(Beginning of Input records)

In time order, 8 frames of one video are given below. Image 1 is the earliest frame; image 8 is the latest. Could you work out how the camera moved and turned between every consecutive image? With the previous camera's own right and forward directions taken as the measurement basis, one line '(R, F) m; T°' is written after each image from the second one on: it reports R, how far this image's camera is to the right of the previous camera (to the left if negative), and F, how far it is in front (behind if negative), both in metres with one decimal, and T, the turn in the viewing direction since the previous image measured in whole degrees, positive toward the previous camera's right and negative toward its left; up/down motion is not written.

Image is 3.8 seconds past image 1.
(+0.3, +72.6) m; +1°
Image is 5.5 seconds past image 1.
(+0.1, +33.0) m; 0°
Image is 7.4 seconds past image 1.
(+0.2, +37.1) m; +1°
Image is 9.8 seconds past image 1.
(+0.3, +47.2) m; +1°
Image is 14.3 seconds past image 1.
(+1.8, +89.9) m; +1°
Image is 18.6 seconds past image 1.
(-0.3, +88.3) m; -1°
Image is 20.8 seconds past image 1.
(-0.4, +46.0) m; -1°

(End of Input records)
(Beginning of Input records)

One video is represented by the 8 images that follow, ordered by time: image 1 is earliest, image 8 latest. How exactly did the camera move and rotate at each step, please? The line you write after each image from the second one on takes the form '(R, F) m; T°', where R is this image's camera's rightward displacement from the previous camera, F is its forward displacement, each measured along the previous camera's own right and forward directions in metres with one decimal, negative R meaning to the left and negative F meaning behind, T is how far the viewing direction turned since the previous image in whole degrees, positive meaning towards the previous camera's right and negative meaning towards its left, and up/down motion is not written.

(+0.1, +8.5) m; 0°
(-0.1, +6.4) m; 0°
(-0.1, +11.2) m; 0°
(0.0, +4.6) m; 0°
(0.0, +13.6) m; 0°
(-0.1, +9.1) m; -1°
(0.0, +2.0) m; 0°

(End of Input records)
(Beginning of Input records)

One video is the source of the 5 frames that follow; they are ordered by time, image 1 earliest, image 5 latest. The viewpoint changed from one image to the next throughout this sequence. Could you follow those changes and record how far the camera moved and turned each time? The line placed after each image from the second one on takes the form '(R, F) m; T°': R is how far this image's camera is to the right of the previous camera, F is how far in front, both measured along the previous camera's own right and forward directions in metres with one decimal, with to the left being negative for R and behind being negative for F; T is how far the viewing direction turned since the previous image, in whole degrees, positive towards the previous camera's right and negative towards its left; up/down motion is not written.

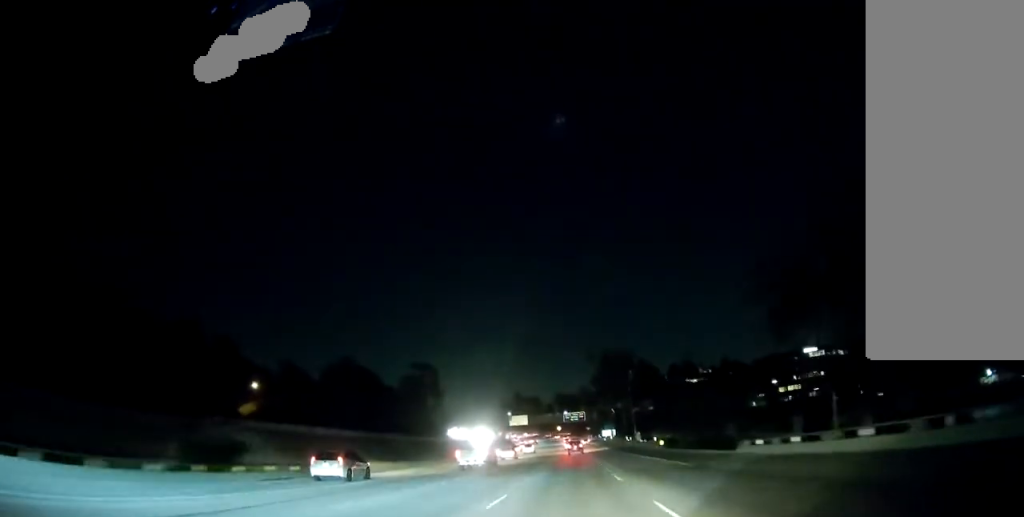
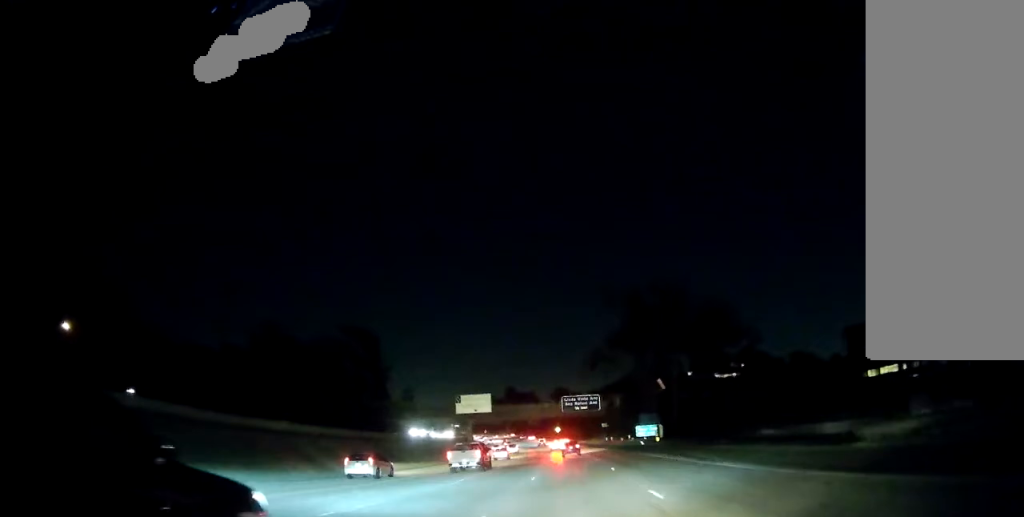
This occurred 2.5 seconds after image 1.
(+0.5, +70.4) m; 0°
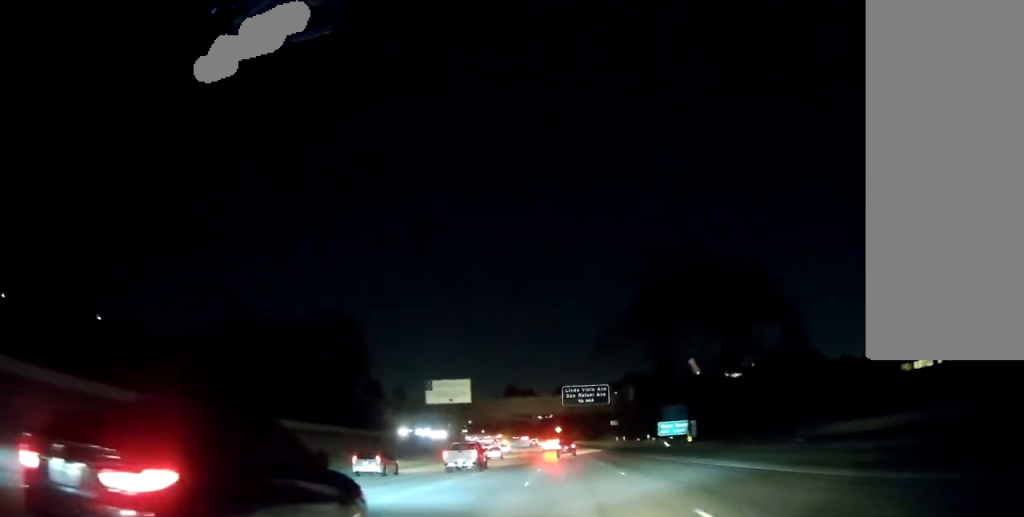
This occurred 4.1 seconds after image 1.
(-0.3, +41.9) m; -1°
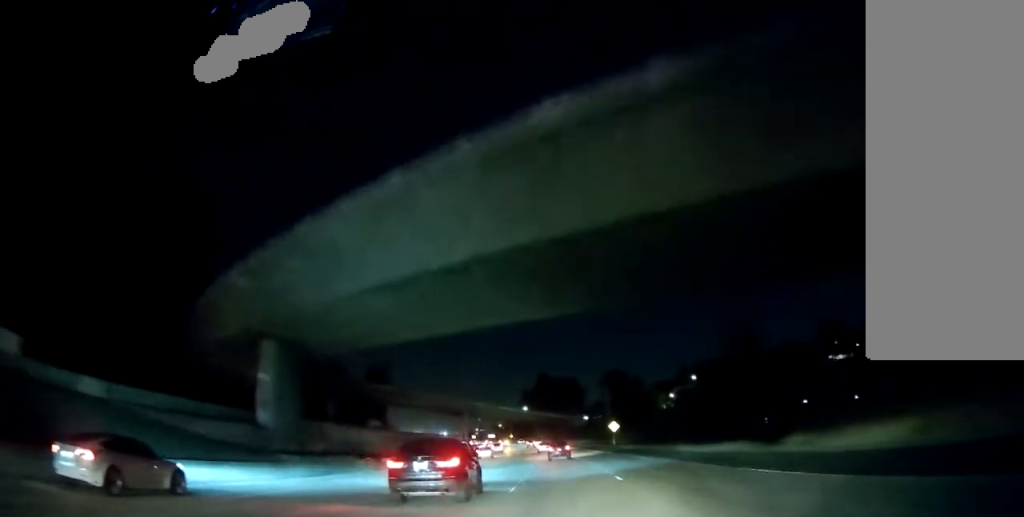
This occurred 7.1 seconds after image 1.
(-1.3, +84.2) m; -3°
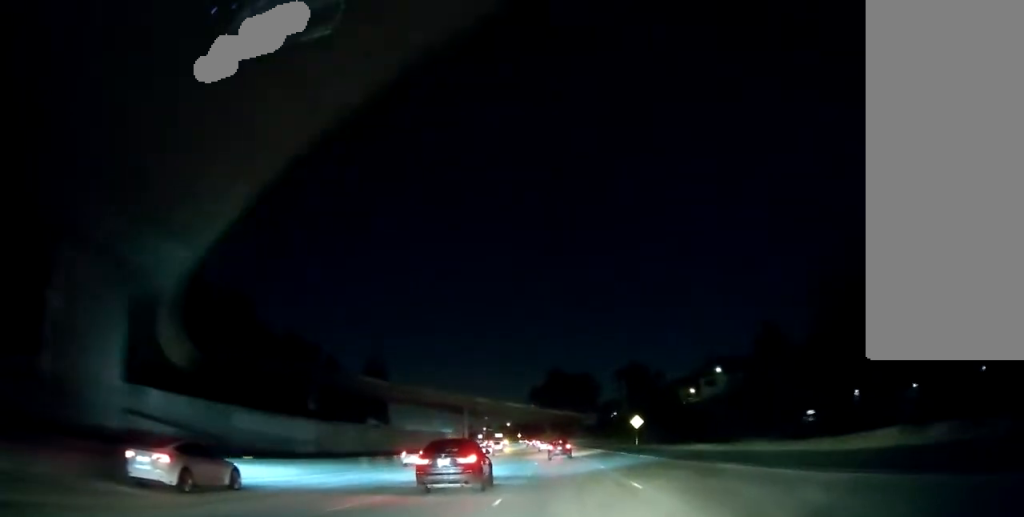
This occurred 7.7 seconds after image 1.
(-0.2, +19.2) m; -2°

(End of Input records)

Goal of the exercise ▸
Look through the material above for the string "both" and copy each line that has it.

Response to the task ▸
In time order, 8 frames of one video are given below. Image 1 is the earliest frame; image 8 is the latest. Could you work out how the camera moved and turned between every consecutive image? With the previous camera's own right and forward directions taken as the measurement basis, one line '(R, F) m; T°' is written after each image from the second one on: it reports R, how far this image's camera is to the right of the previous camera (to the left if negative), and F, how far it is in front (behind if negative), both in metres with one decimal, and T, the turn in the viewing direction since the previous image measured in whole degrees, positive toward the previous camera's right and negative toward its left; up/down motion is not written.
One video is the source of the 5 frames that follow; they are ordered by time, image 1 earliest, image 5 latest. The viewpoint changed from one image to the next throughout this sequence. Could you follow those changes and record how far the camera moved and turned each time? The line placed after each image from the second one on takes the form '(R, F) m; T°': R is how far this image's camera is to the right of the previous camera, F is how far in front, both measured along the previous camera's own right and forward directions in metres with one decimal, with to the left being negative for R and behind being negative for F; T is how far the viewing direction turned since the previous image, in whole degrees, positive towards the previous camera's right and negative towards its left; up/down motion is not written.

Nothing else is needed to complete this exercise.